The reward rate is subject to change by community vote and can be thought of as the amount of OHM distributed to the stakers per epoch. The total OHM supply is determined by several factors such as bond sales and DAO's minting, as documented in the Olympus documentation. These variables are exogenous (e.g. amount of OHM staked in the protocol) as well as endogenous (e.g. amount of OHM minted by the DAO, which is determined by the Policy team). Let's examine what happens to reward yield if any of them change while all other variables remain the same.

  • If $$rewardRate$$ falls, $$rewardYield$$ falls.
  • If $$OHM_{totalStaked}$$ falls, $$rewardYield$$ rises.
  • If $$OHM_{totalSupply}$$ rises, $$rewardYield$$ rises.

OHM supply growth is itself a function of staking and bonding. This leaves two scenarios where staking reciprocity could break down: staked percentage falls and/or reward rate falls.

Staked Percentage Falls

A break in the reciprocal relationship for staking would be evident by a drop in % staked.
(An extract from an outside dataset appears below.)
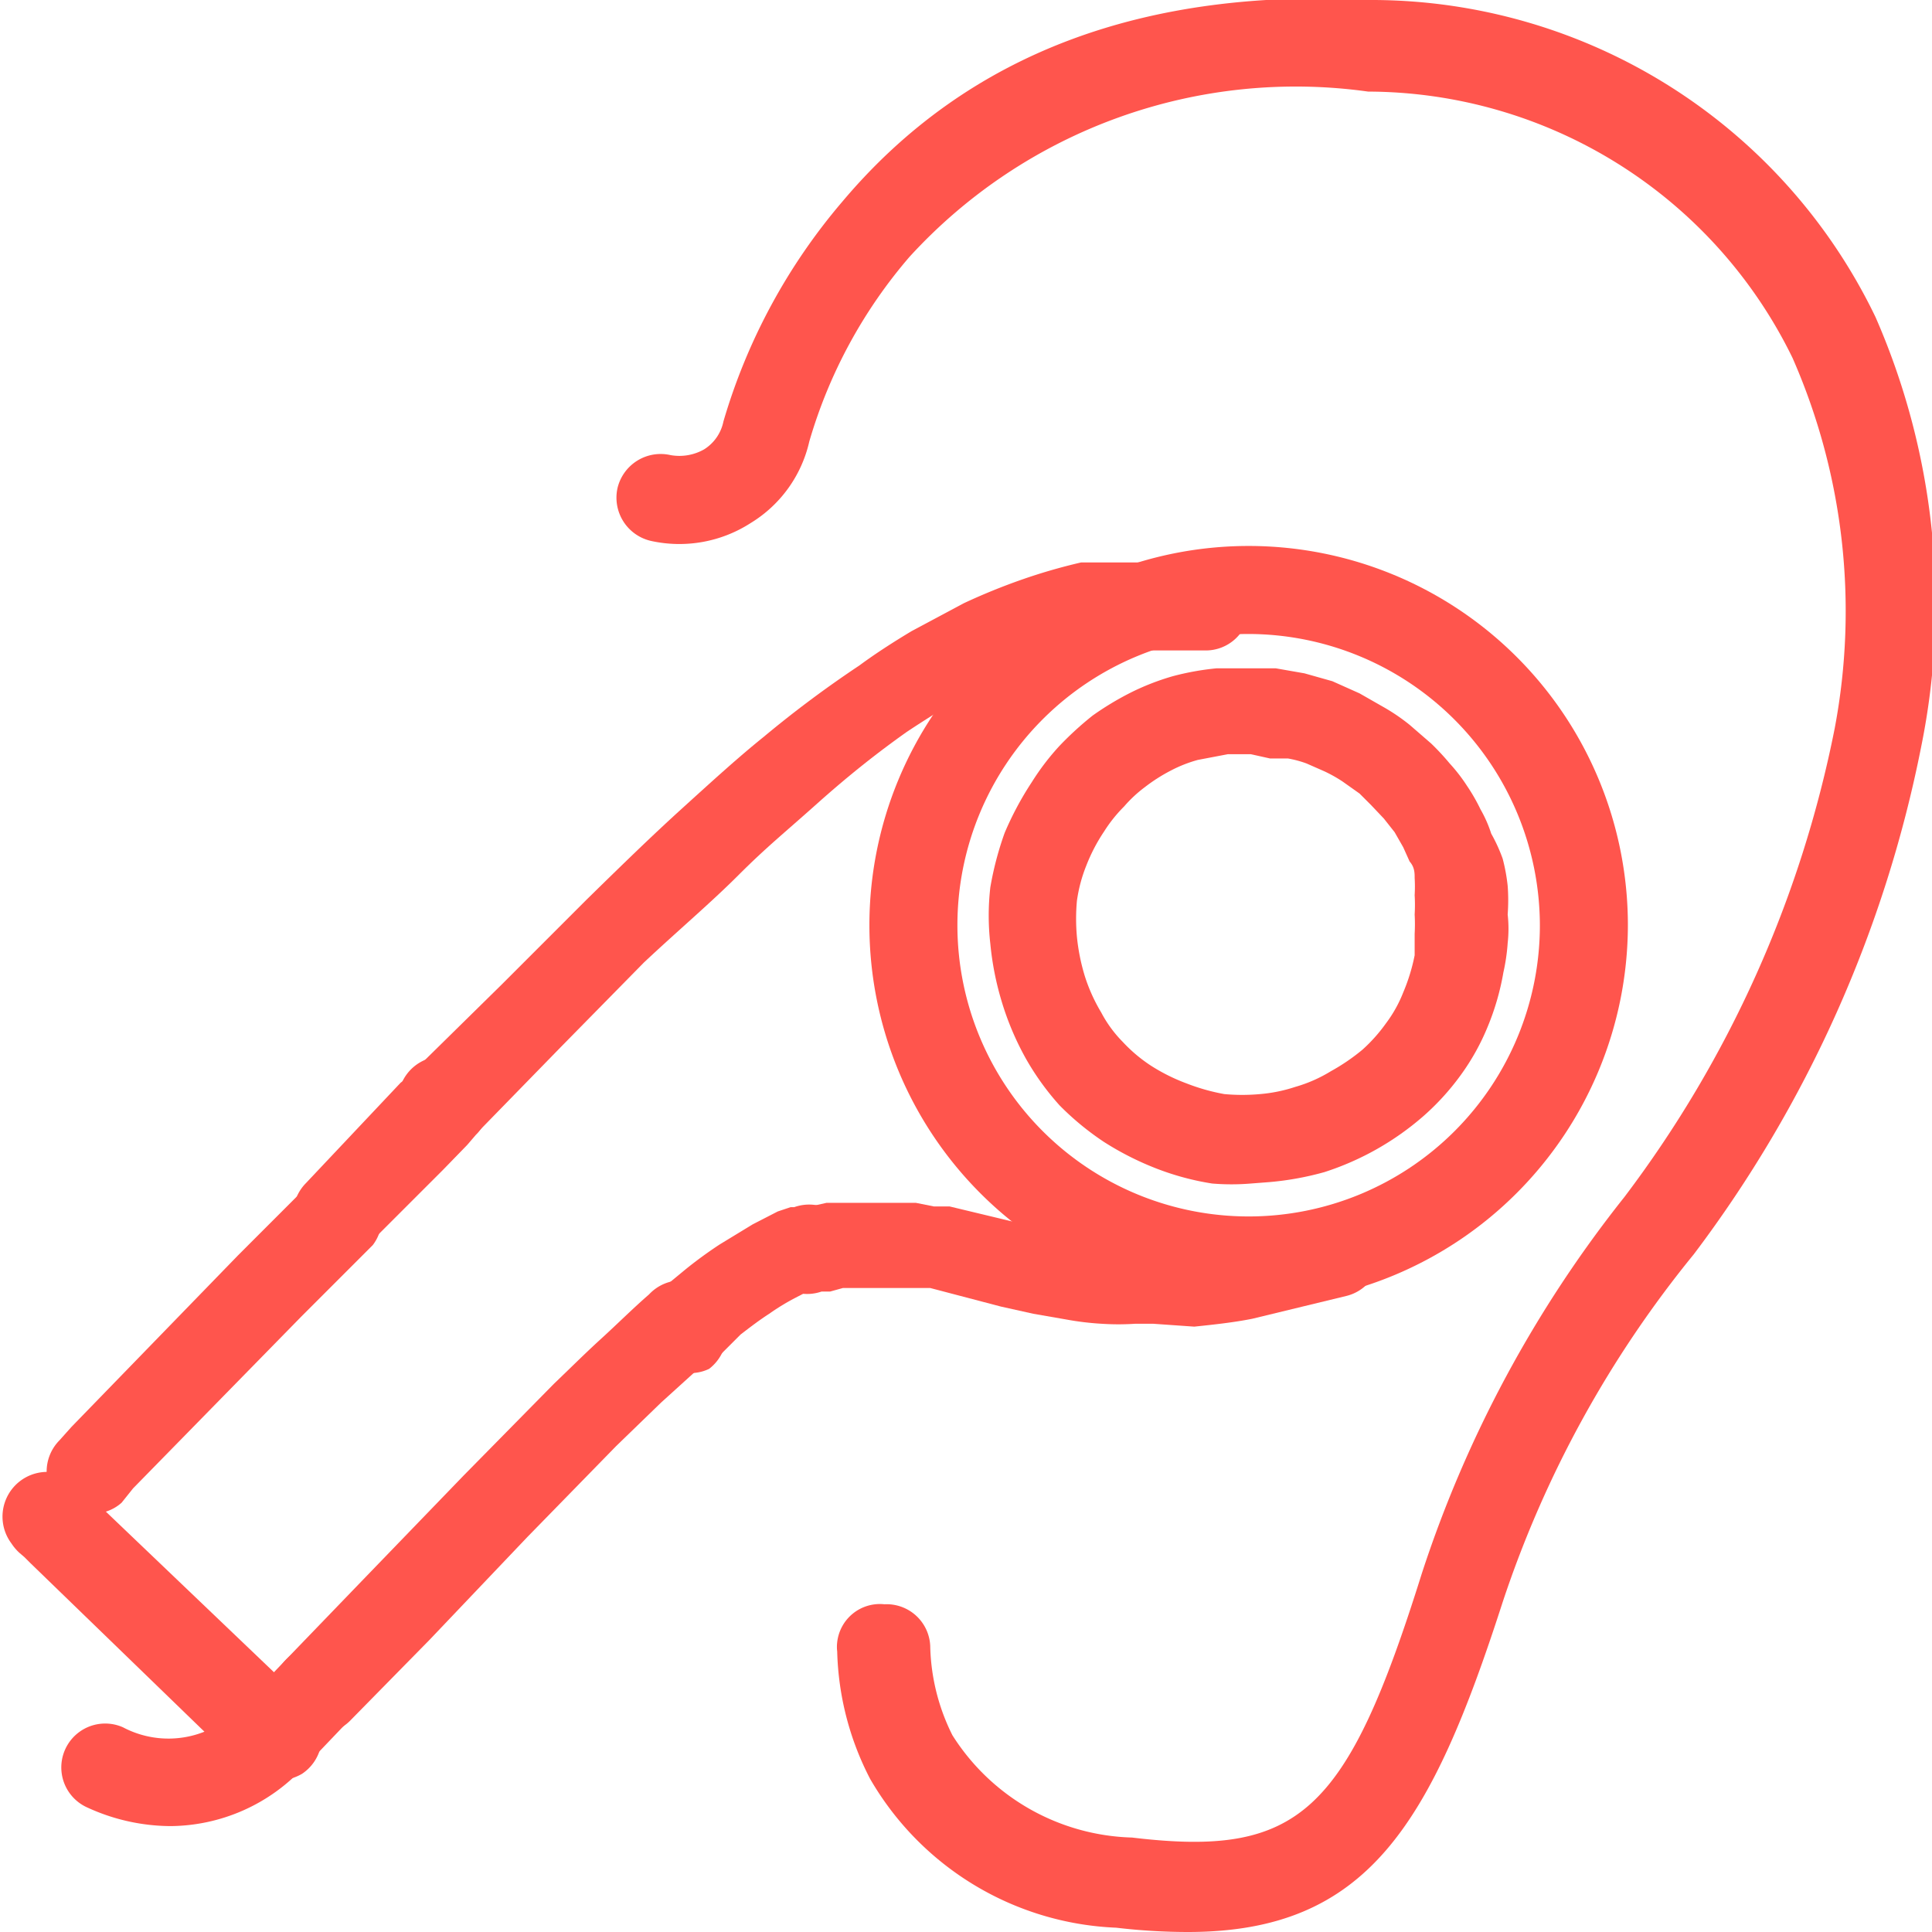 <svg id="Layer_1" data-name="Layer 1" xmlns="http://www.w3.org/2000/svg" viewBox="0 0 27 27"><defs><style>.cls-1{fill:#ff554d;}</style></defs><path class="cls-1" d="M16.6,27a8.57,8.57,0,0,1-1-.06,4.17,4.17,0,0,1-3.44-2.08,4.08,4.08,0,0,1-.46-1.78.53.53,0,0,1,0-.13h0a.6.6,0,0,1,.66-.53A.61.61,0,0,1,13,23a2.91,2.91,0,0,0,.31,1.25,3.07,3.07,0,0,0,2.51,1.43c2.34.28,3-.34,4.05-3.69a16.84,16.84,0,0,1,2.83-5.26,16,16,0,0,0,2.94-6.55A8.8,8.8,0,0,0,25.05,5a6.62,6.62,0,0,0-5.93-3.72,7.31,7.31,0,0,0-6.41,2.31,6.9,6.9,0,0,0-1.4,2.58,1.8,1.8,0,0,1-.82,1.14,1.84,1.84,0,0,1-1.39.25.62.62,0,0,1-.47-.74.62.62,0,0,1,.74-.46.7.7,0,0,0,.47-.08.6.6,0,0,0,.27-.39v0a8.33,8.33,0,0,1,1.66-3.07C13.52.74,16-.18,19.21,0a7.82,7.82,0,0,1,7,4.43,10,10,0,0,1,.64,6,17.36,17.36,0,0,1-3.18,7.1A15.29,15.29,0,0,0,21,22.39C20,25.49,19.12,27,16.6,27Z"/><path class="cls-1" d="M4.71,17.59a.62.62,0,0,1-.44-1.05l1-1.06.33-.35L5.78,15a.62.62,0,0,1,.87,0,.6.6,0,0,1,0,.86L6.53,16l-.34.35-1,1,0,0A.6.6,0,0,1,4.71,17.59Z"/><path class="cls-1" d="M9.5,19.17A.61.61,0,0,1,9,19a.63.63,0,0,1,.09-.87l.05,0a.62.62,0,0,1,.77,1l0,0A.6.6,0,0,1,9.5,19.17Z"/><path class="cls-1" d="M10,19l-.82-.93.4-.33a5.92,5.92,0,0,1,.48-.35l.46-.28.35-.18.18-.06.05,0a.62.62,0,0,1,.79.37.61.61,0,0,1-.37.78l-.06,0-.12,0-.23.12a3.13,3.13,0,0,0-.36.22c-.14.09-.27.19-.4.29Z"/><path class="cls-1" d="M3.81,24.88a.65.65,0,0,1-.43-.17.62.62,0,0,1,0-.87L4,23.19a.61.61,0,1,1,.88.85l-.63.66A.62.62,0,0,1,3.81,24.88Z"/><path class="cls-1" d="M4.45,24.23A.59.59,0,0,1,4,24.06a.62.62,0,0,1,0-.87l1.08-1.12,1.4-1.45,1.26-1.28c.22-.21.44-.43.66-.63s.44-.42.67-.62a.62.62,0,1,1,.81.93l-.64.58-.63.61L7.37,21.48,6,22.92,4.89,24.05A.62.62,0,0,1,4.45,24.23Z"/><path class="cls-1" d="M3.82,24.89a.65.65,0,0,1-.44-.18.62.62,0,0,1-.18-.44.58.58,0,0,1,.18-.43.63.63,0,0,1,.87,0,.62.62,0,0,1,.18.43.67.67,0,0,1-.18.44A.62.62,0,0,1,3.82,24.89Z"/><path class="cls-1" d="M2.38,25.52a2.81,2.81,0,0,1-1.16-.26.61.61,0,0,1,.5-1.12,1.36,1.36,0,0,0,1.66-.31.6.6,0,0,1,.86,0,.62.62,0,0,1,0,.87A2.56,2.56,0,0,1,2.38,25.52Z"/><path class="cls-1" d="M6.24,16a.62.62,0,1,1,.43-1h0a.62.62,0,0,1-.43,1Z"/><path class="cls-1" d="M1.26,21.15A.63.63,0,0,1,.83,21a.62.62,0,0,1,0-.87L1,19.94l2.33-2.4,1-1a.62.62,0,0,1,.88.86l-1,1L1.86,20.8,1.7,21A.59.59,0,0,1,1.26,21.15Z"/><path class="cls-1" d="M17.48,16.54a3.27,3.27,0,0,1-.54,0,3.76,3.76,0,0,1-.78-.21,4.16,4.16,0,0,1-.73-.37,3.92,3.92,0,0,1-.62-.51,3.7,3.7,0,0,1-.47-.65A4,4,0,0,1,14,14a4.14,4.14,0,0,1-.16-.81,3.48,3.48,0,0,1,0-.79,4.5,4.5,0,0,1,.2-.76,4.44,4.44,0,0,1,.38-.71,3.42,3.42,0,0,1,.39-.51,4.58,4.58,0,0,1,.46-.42,4.15,4.15,0,0,1,.53-.32,3.45,3.45,0,0,1,.59-.23A3.79,3.79,0,0,1,17,9.34l.42,0,.41,0,.4.07.39.11.38.17.35.2a2.71,2.71,0,0,1,.35.24l.3.26a3.45,3.45,0,0,1,.26.28,2.34,2.34,0,0,1,.24.31,2.59,2.59,0,0,1,.19.33,1.75,1.75,0,0,1,.15.34A2.26,2.26,0,0,1,21,12a2.53,2.53,0,0,1,.07.38,2.68,2.68,0,0,1,0,.4,1.79,1.79,0,0,1,0,.4,2.7,2.7,0,0,1-.06.41,3.54,3.54,0,0,1-.22.76,3.21,3.21,0,0,1-.38.68,3.48,3.48,0,0,1-.52.57,3.94,3.94,0,0,1-1.38.78,4.16,4.16,0,0,1-.77.14Zm0-6-.32,0-.42.08a1.88,1.88,0,0,0-.38.15A2.39,2.39,0,0,0,16,11a1.82,1.82,0,0,0-.29.27,2,2,0,0,0-.28.35,2.44,2.44,0,0,0-.25.48,2.09,2.09,0,0,0-.13.49,2.77,2.77,0,0,0,0,.5,2.82,2.82,0,0,0,.11.55,2.39,2.39,0,0,0,.23.51,1.73,1.73,0,0,0,.3.41,2.12,2.12,0,0,0,.39.33,2.59,2.59,0,0,0,.5.25,2.83,2.83,0,0,0,.53.15,2.75,2.75,0,0,0,.5,0,2.13,2.13,0,0,0,.49-.1,2,2,0,0,0,.5-.22,2.83,2.83,0,0,0,.44-.3,2.25,2.25,0,0,0,.33-.37,1.82,1.82,0,0,0,.24-.43,2.64,2.64,0,0,0,.16-.52c0-.1,0-.2,0-.3a2.45,2.45,0,0,0,0-.27,2.28,2.28,0,0,0,0-.27,2,2,0,0,0,0-.24c0-.07,0-.15-.07-.23l-.09-.2-.12-.21-.15-.19-.18-.19L19,11.09l-.24-.17a2,2,0,0,0-.25-.14l-.25-.11A1.49,1.49,0,0,0,18,10.6l-.25,0Z"/><path class="cls-1" d="M6.23,16a.61.61,0,0,1-.43-.18.63.63,0,0,1,0-.87L7,13.77l1.19-1.19c.48-.47.91-.89,1.34-1.28s.78-.71,1.14-1a15.53,15.53,0,0,1,1.34-1c.23-.17.48-.33.73-.48l.73-.39a8.64,8.64,0,0,1,.81-.33,7.88,7.88,0,0,1,.83-.24l.19,0,.21,0,.19,0,.19,0,.2,0h.77a.61.61,0,0,1,.6.63.61.61,0,0,1-.63.6H16l-.16,0-.16,0L15.32,9a6.34,6.34,0,0,0-.68.19c-.22.08-.45.17-.68.28s-.42.21-.63.34-.45.28-.66.42c-.38.27-.78.58-1.25,1s-.71.61-1.1,1S9.48,13,9,13.45L7.84,14.63l-1.17,1.2A.63.63,0,0,1,6.23,16Z"/><path class="cls-1" d="M3.8,24.88a.61.61,0,0,1-.45-.2l-.05-.05L.42,21.84l-.08-.08L.27,21.7l0,0a.69.69,0,0,1-.11-.13.61.61,0,0,1,1-.75l3.14,3,.1.12a.62.62,0,0,1-.18.85A.7.7,0,0,1,3.8,24.88Z"/><path class="cls-1" d="M17.45,18.23a5.3,5.3,0,1,1,5.3-5.3A5.31,5.31,0,0,1,17.45,18.23Zm0-9.37a4.07,4.07,0,1,0,4.07,4.07A4.08,4.08,0,0,0,17.45,8.86Z"/><path class="cls-1" d="M16.12,18.5h-.26a3.55,3.55,0,0,1-.46,0,4,4,0,0,1-.5-.06l-.46-.08-.45-.1L13,18l-.17,0-.22,0-.17,0-.26,0H12l-.22,0-.18.05-.12,0a.61.61,0,1,1-.4-1.16l0,0,.11,0,.36-.08.34,0h.33l.33,0,.25,0,.25.05.22,0,1,.24.42.08.4.07a3,3,0,0,0,.42.06l.39,0a5.66,5.66,0,0,0,.7,0,6.19,6.19,0,0,0,.66-.09c.23,0,.81-.19,1.26-.3a.61.61,0,0,1,.3,1.19l-1.32.32c-.25.05-.52.08-.81.11Z"/></svg>

The fact that APY rises if staked OHM falls is a powerful feature which rewards stakers who stay staked and is the likely reason we have not seen OHM total staked fall below 90% (see Dune dashboard).

Reward Rate Fall

The other way for the reciprocal relationship in staking to seemingly break down would be for the reward rate to drop thereby bringing down APY. Drops in the reward rate are in fact planned as laid out in OIP-18.

By lowering the reward rate, the DAO is opting for lower supply inflation over continued high rewards for stakers. This is in line with the overall vision of the protocol to be a stable reserve asset.

The reader will have to decide for themselves whether this constitutes a breaking of the reciprocal relationship between protocol and staker. The fact that there is forward guidance on reductions and they are discussed and voted on suggests more of a changing relationship rather than an all out breaking.